TL;DR: unfortunate combination of backward compatibility and ABI compatibility issues makes std::mutex bad until the next ABI break. OTOH, std::shared_mutex is good.

A decent implementation of std::mutex would try to use an atomic operation to acquire the lock, if busy, possibly would try spinning in a read loop (with some pause on x86), and ultimately will resort to OS wait.

There are a couple of ways to implement such std::mutex:

Directly delegate to corresponding OS APIs that do all of above.
Do spinning and atomic thing on its own, call OS APIs only for OS wait.

Sure, the first way is easier to implement, more friendly to debug, more robust. So it appears to be the way to go. The candidate APIs are:

CRITICAL_SECTION APIs. A recursive mutex, that is lacking static initializer and needs explicit destruction
SRWLOCK. A non-recursive shared mutex that has static initializer and doesn't need explicit destruction
WaitOnAddress. An API to wait on particular variable to be changed, similar to Linux futex.
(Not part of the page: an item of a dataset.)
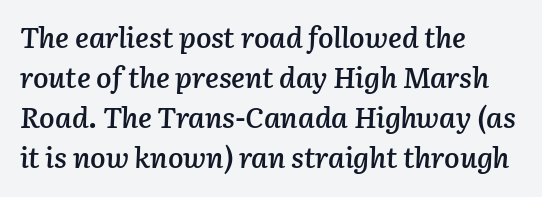
The image shows 29 px semibold type, italic (leaning right); set left-aligned, normal line spacing (1.38x), normal letter spacing, not underlined; low stroke contrast and a medium x-height.
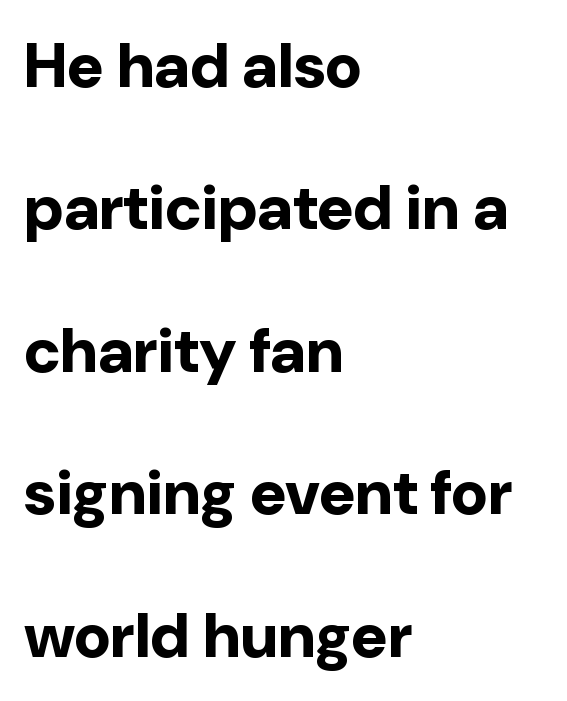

These primitives have OS version requirements:

CRITICAL_SECTION existed since I think Windows 95, though TryEnterCriticalSection was not present in Windows 9x, but the ability to use CRITICAL_SECTION with CONDITION_VARIABLE was added since Windows Vista, with CONDITION_VARIABLE itself.
SRWLOCK exists since Windows Vista, but TryAcquireSRWLockExclusive exists since Windows 7, so it can only directly implement std::mutex starting in Windows 7.
WaitOnAddress was added since Windows 8.

By the time when std::mutex was added, Windows XP support by Visual Studio C++ library was needed, so it was implemented using doing things on its own. In fact, std::mutex and other sync stuff was delegated to ConCRT (Concurrency Runtime)

For Visual Studio 2015, the implementation was switched to use the best available mechanism, that is SRWLOCK starting in Windows 7, and CRITICAL_SECTION stating in Windows Vista. ConCRT turned out to be not the best mechanism, but it still was used for Windows XP and 2003. The polymorphism was implemented by making placement new of classes with virtual functions into a buffer provided by std::mutex and other primitives.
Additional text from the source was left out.